Frequently asked questions
What's the difference between memoization and dynamic programming?
Memoization is a technique — cache results of recursive calls. DP is a class of algorithms that solve problems with overlapping subproblems and optimal substructure. Memoization implements DP top-down (driven by recursion). Tabulation implements DP bottom-up (driven by an explicit loop). Both achieve the same complexity; memoization is easier to write when the recurrence is natural.
When does memoization NOT help?
When the function has no overlapping subproblems — every call has unique arguments. Memoization adds overhead (hash lookup per call) without saving any work. Profile your function: if the same arguments rarely repeat, skip memoization.
What does "pure function" mean?
A function whose return value depends only on its arguments and which has no side effects. Same input → same output, every time. Memoization requires this — caching impure functions causes subtle bugs where cached results don't reflect updated state. If your function reads from a database or random number generator, it's not pure and shouldn't be memoized.
How does Python's @lru_cache work?
Wraps a function in a least-recently-used cache backed by a dict + doubly linked list. Keys are tuples of (args, frozen kwargs). When the cache exceeds maxsize, the oldest unused entry is evicted. Use `@lru_cache(maxsize=None)` for unbounded caching (effectively memoization). Implemented in C in CPython, ~10× faster than a hand-rolled Python wrapper.
Can you memoize a function with mutable arguments?
Not directly — mutable arguments aren't hashable. Convert lists to tuples, dicts to frozensets, or convert the function to take immutable arguments. If the function takes a class instance, the instance must be hashable (define `__hash__` and `__eq__`) and immutable across the cache lifetime.
What about cache invalidation?
For pure functions on immutable inputs, no invalidation is needed — the result will be the same forever.

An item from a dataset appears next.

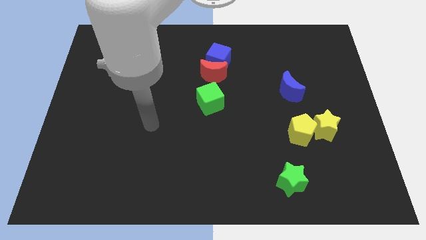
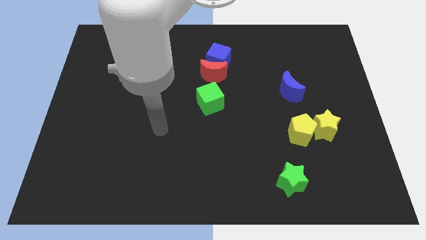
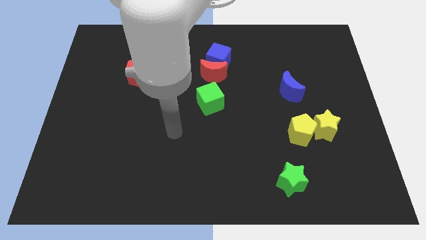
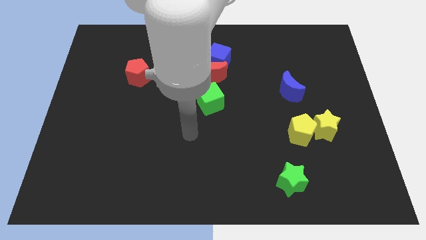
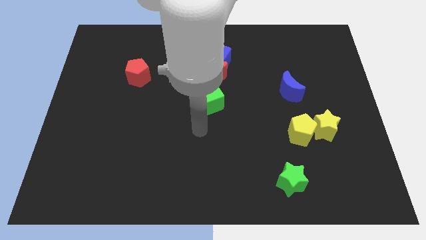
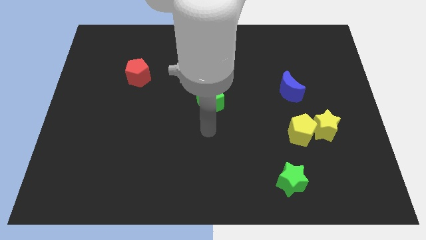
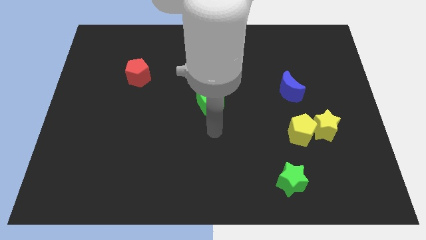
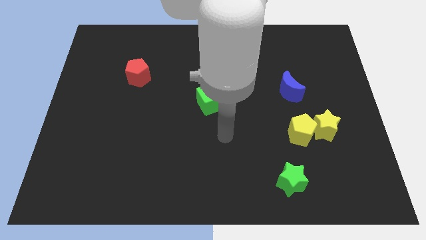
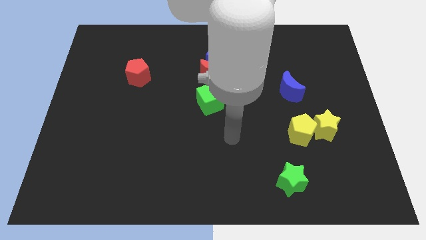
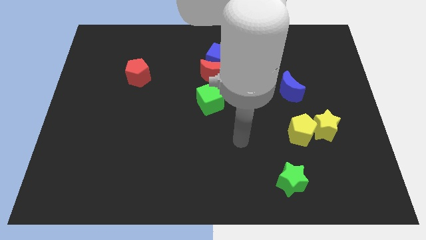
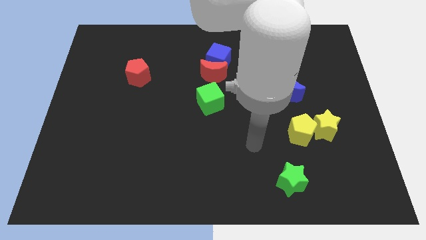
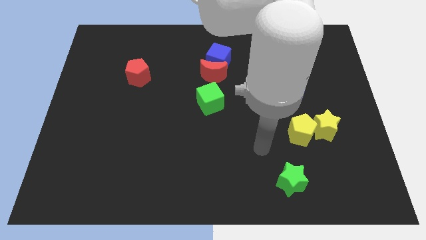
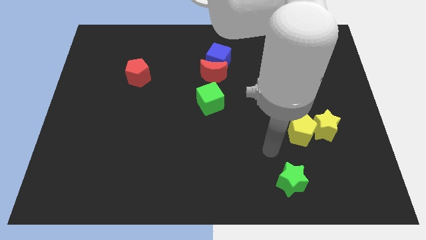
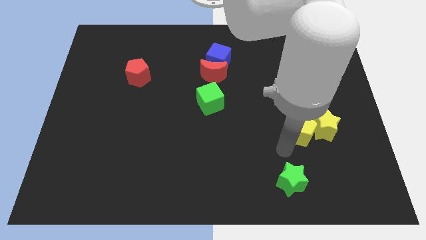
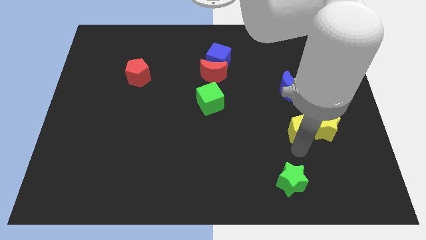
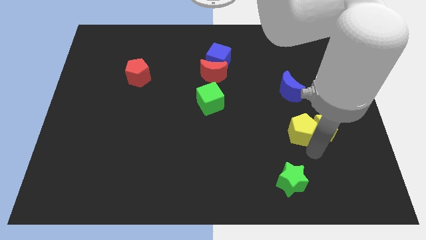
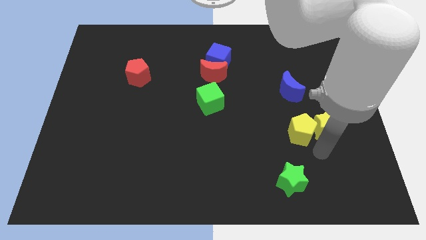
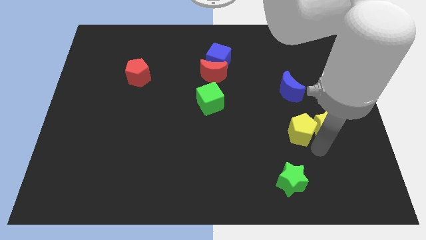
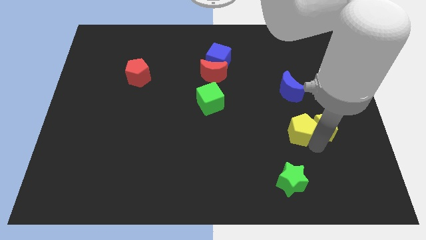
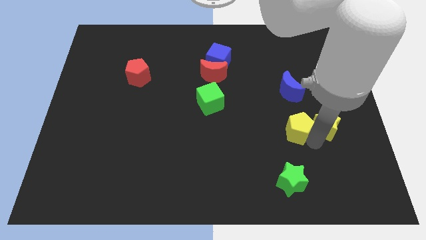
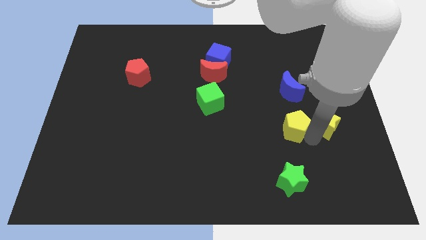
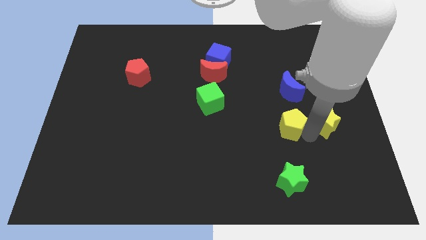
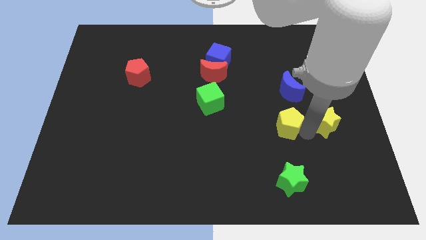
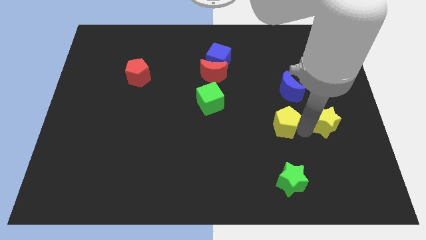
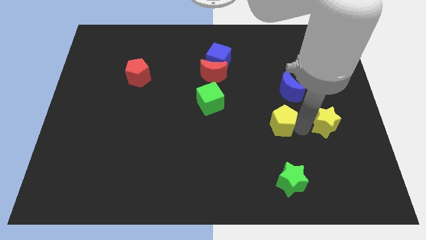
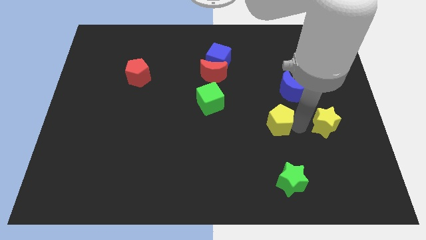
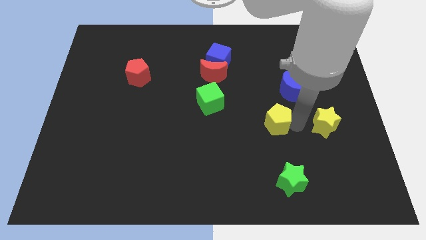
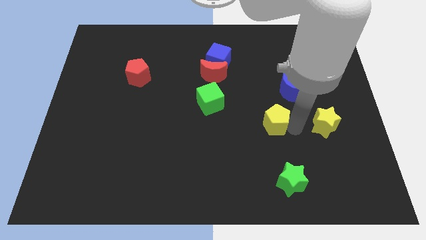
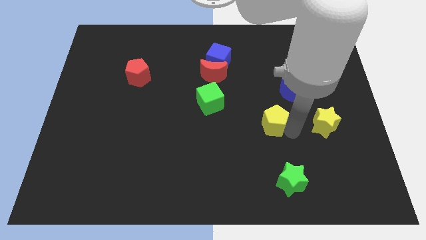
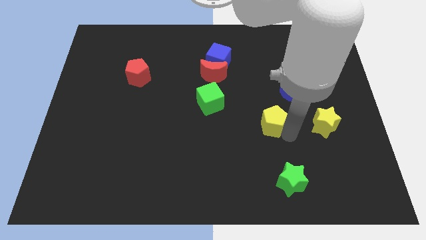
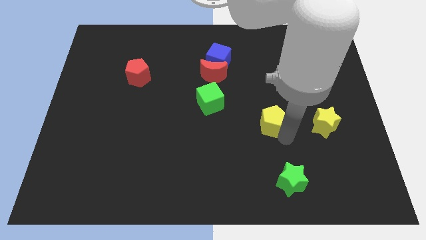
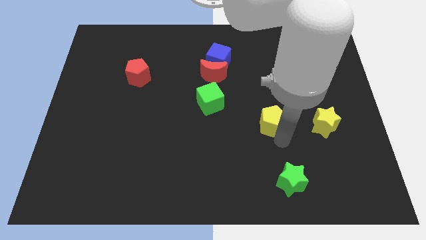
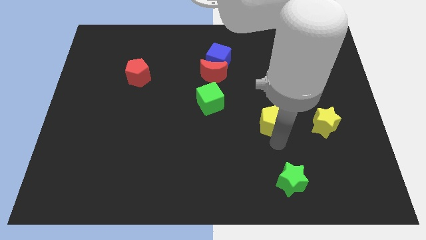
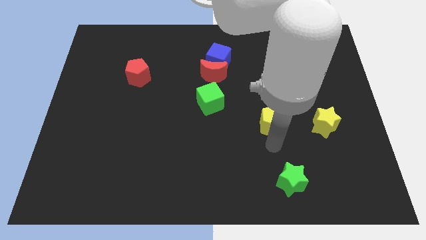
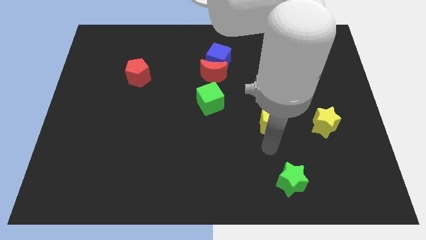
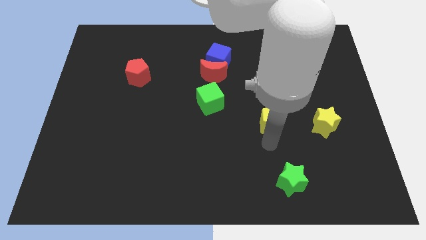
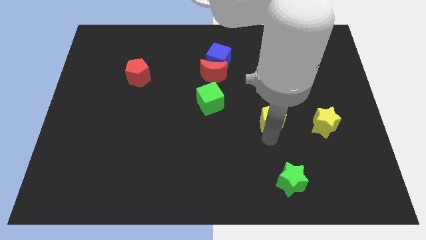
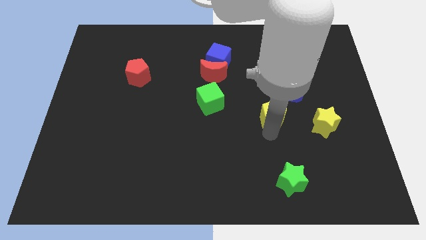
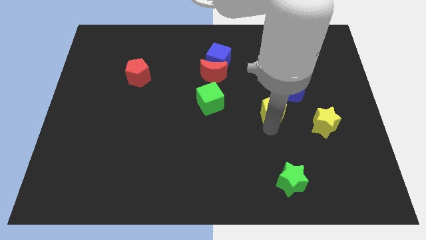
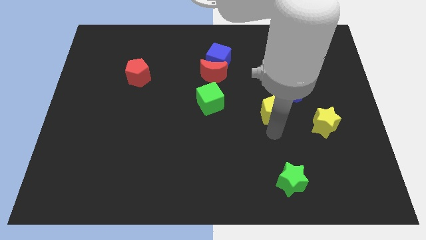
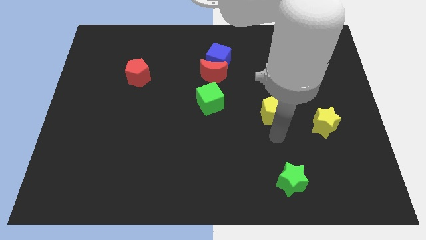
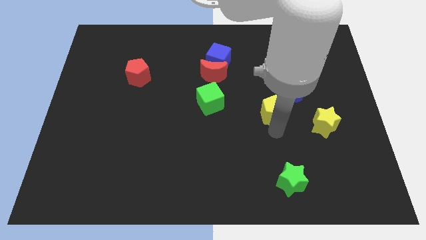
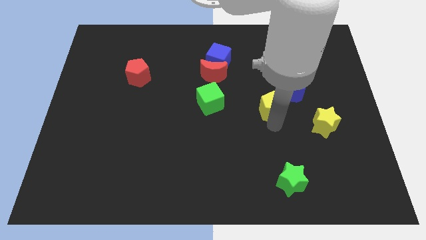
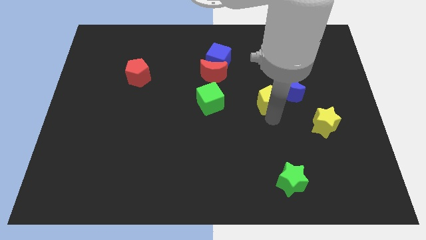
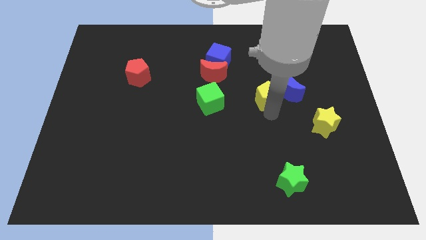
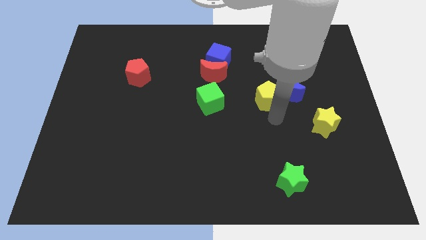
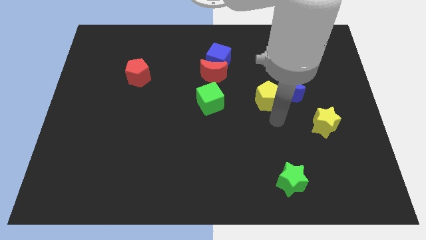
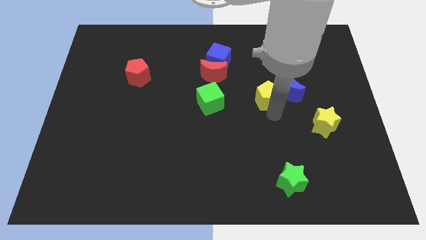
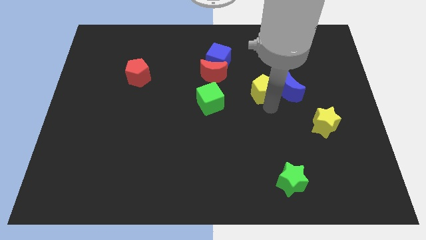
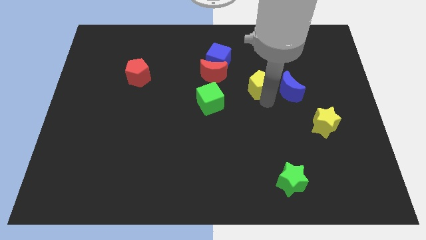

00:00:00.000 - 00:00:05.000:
move the yellow pentagon to the right of the red moon

For impure or context-dependent functions, you need an explicit `cache.clear()` or per-key eviction. This is the source of the famous quote: "There are only two hard things in computer science: cache invalidation and naming things."

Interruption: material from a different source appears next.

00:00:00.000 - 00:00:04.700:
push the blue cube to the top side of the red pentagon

Should I memoize iterative functions?
Usually not. Memoization shines on recursive functions where the same subproblem appears in multiple recursion branches. Iterative functions process each input once by definition — there's nothing to cache. Exception: an iterative function called repeatedly from outside with the same arguments — that's a different memoization (caching the function's whole input).